Framingham risk scores may be better than a dementia risk score for assessing individuals’ risk of cognitive decline and targeting modifiable risk factors, according to research published in the April 2 Neurology. Researchers examined data for participants in the Whitehall II longitudinal cohort study. Subjects’ mean age at baseline was 55.6. The investigators compared the Framingham general cardiovascular disease risk score and the Framingham stroke risk score with the Cardiovascular Risk Factors, Aging, and Dementia risk score. Patients underwent cognitive tests of reasoning, memory, verbal fluency, vocabulary, and global cognition three times over 10 years. Compared with the dementia risk score, cardiovascular and stroke risk scores showed slightly stronger associations with 10-year cognitive decline. The differences were statistically significant for semantic fluency and global cognitive scores.
Children born to women who used valproate during pregnancy may have a significantly increased risk of autism spectrum disorder and childhood autism, according to research published in the April 24 JAMA. Investigators used national registers to identify Danish children exposed to valproate during pregnancy and diagnosed with autism spectrum disorders. The researchers analyzed the risks associated with all autism spectrum disorders, as well as childhood autism, and adjusted for potential confounders. The estimated absolute risk after 14 years of follow-up was 1.53% for autism spectrum disorder and 0.48% for childhood autism. The 508 children exposed to valproate had an absolute risk of 4.42% for autism spectrum disorder and an absolute risk of 2.50% for childhood autism. Results changed slightly after considering only the children born to women with epilepsy.

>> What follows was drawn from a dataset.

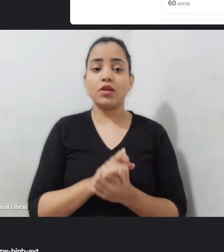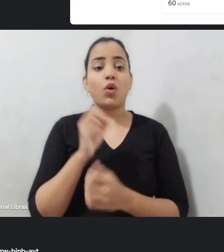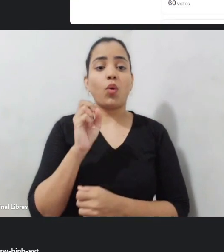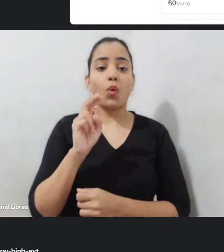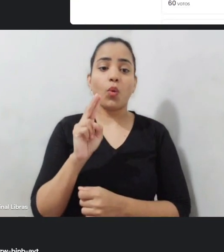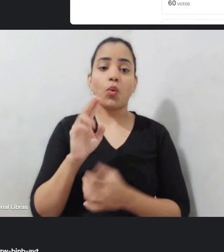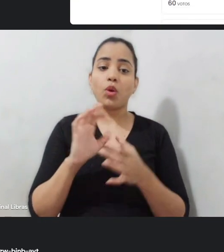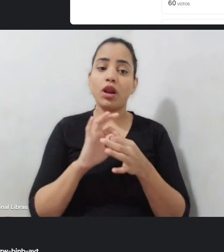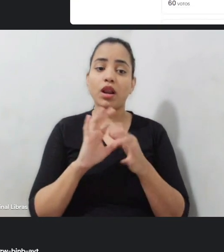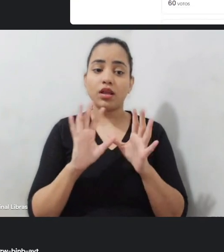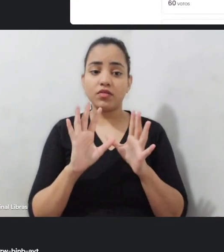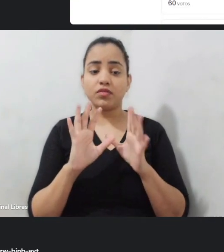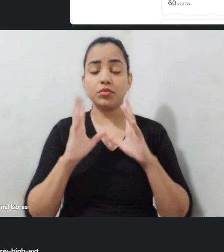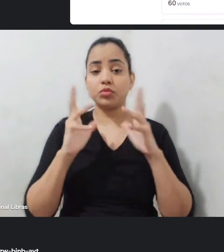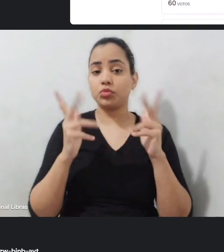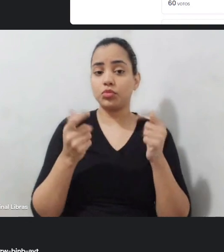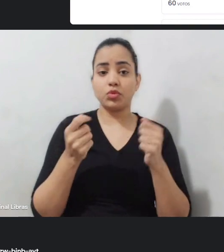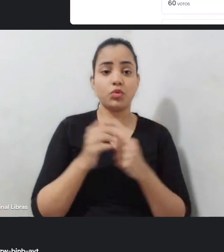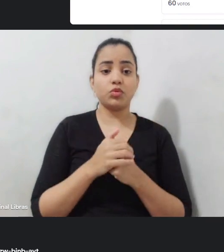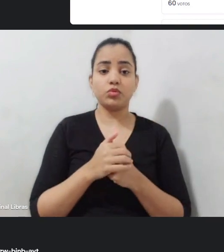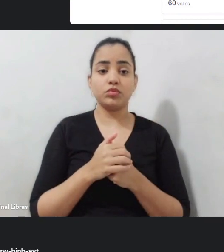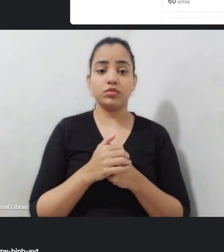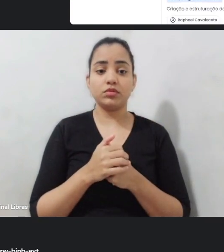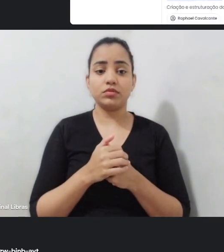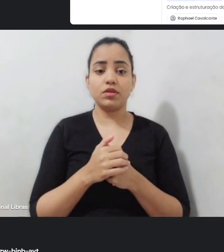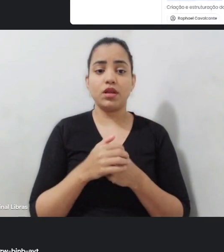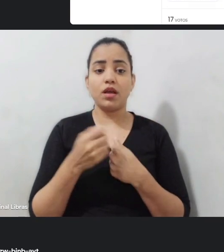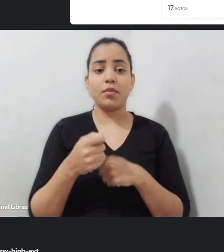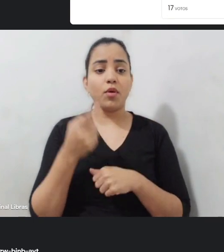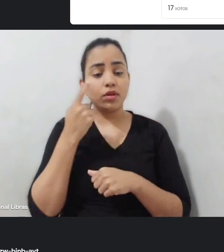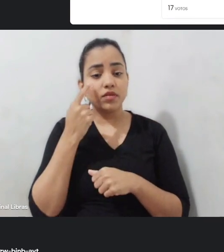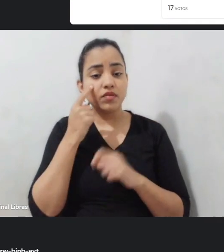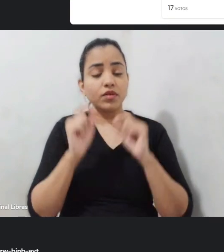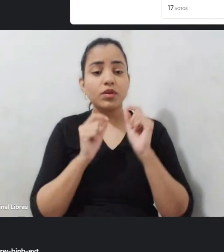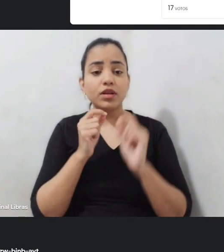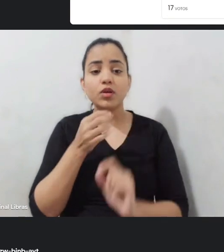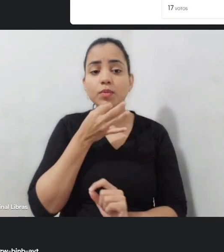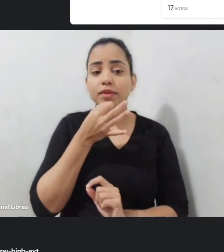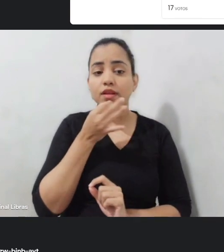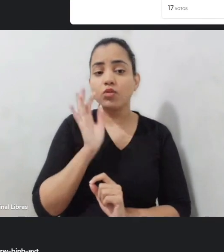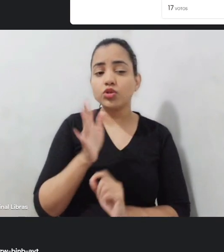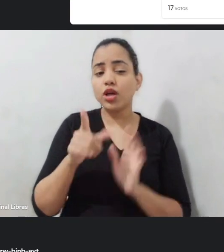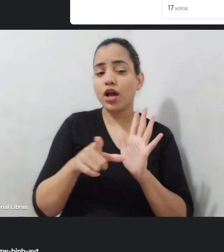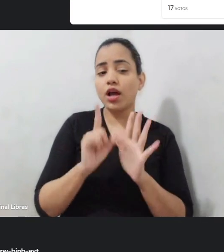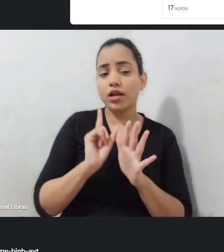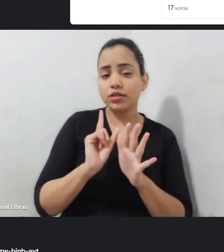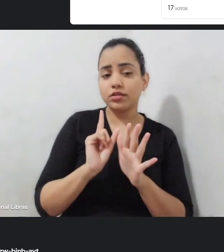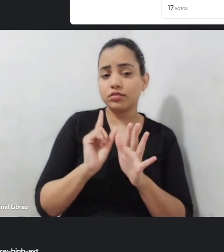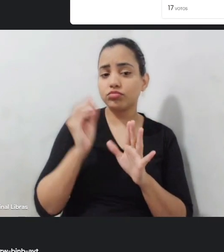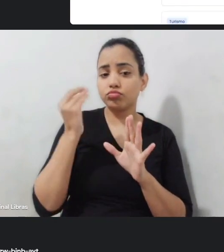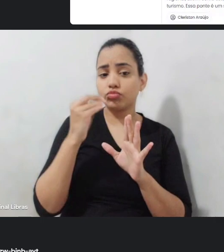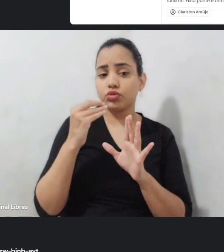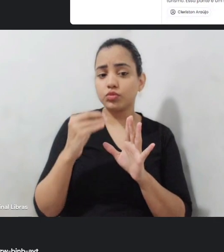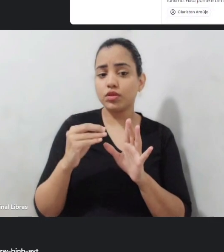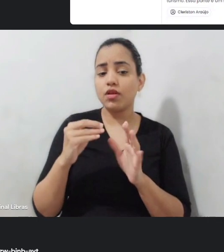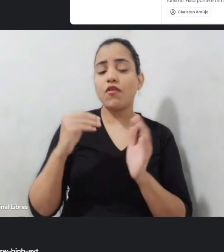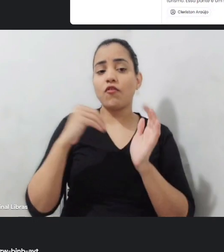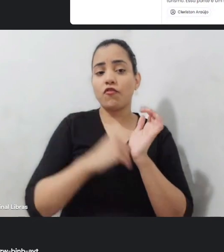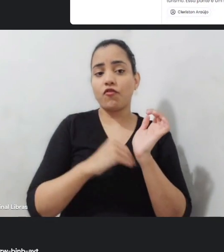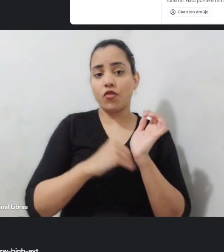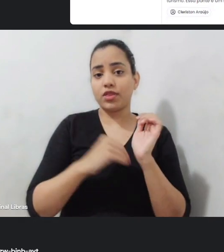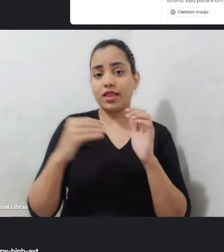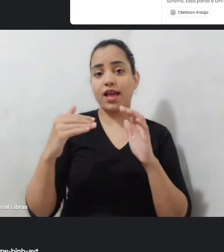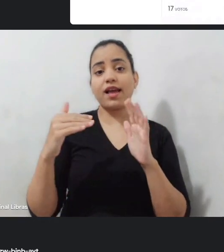todos aparecendo. E aí você pode ver tanto sugestões que já foram enviadas e botar em até três, caso

The antisense oligonucleotide ISIS 333611 is a safe treatment for amyotrophic lateral sclerosis (ALS), according to a trial published online ahead of print March 29 in Lancet Neurology. Investigators studied 32 patients with SOD1-positive ALS in a randomized, placebo-controlled, phase I trial. The researchers delivered the drug by intrathecal infusion using an external pump over 11.5 hours at increasing doses (0.15 mg, 0.50 mg, 1.50 mg, and 3.00 mg). Approximately 88% of patients in the placebo group had adverse events, compared with 83% in the active group. The most common events were post-lumbar puncture syndrome, back pain, and nausea. The investigators found no dose-limiting toxic effects or safety or tolerability concerns related to ISIS 333611. No serious adverse events occurred in patients given ISIS 333611.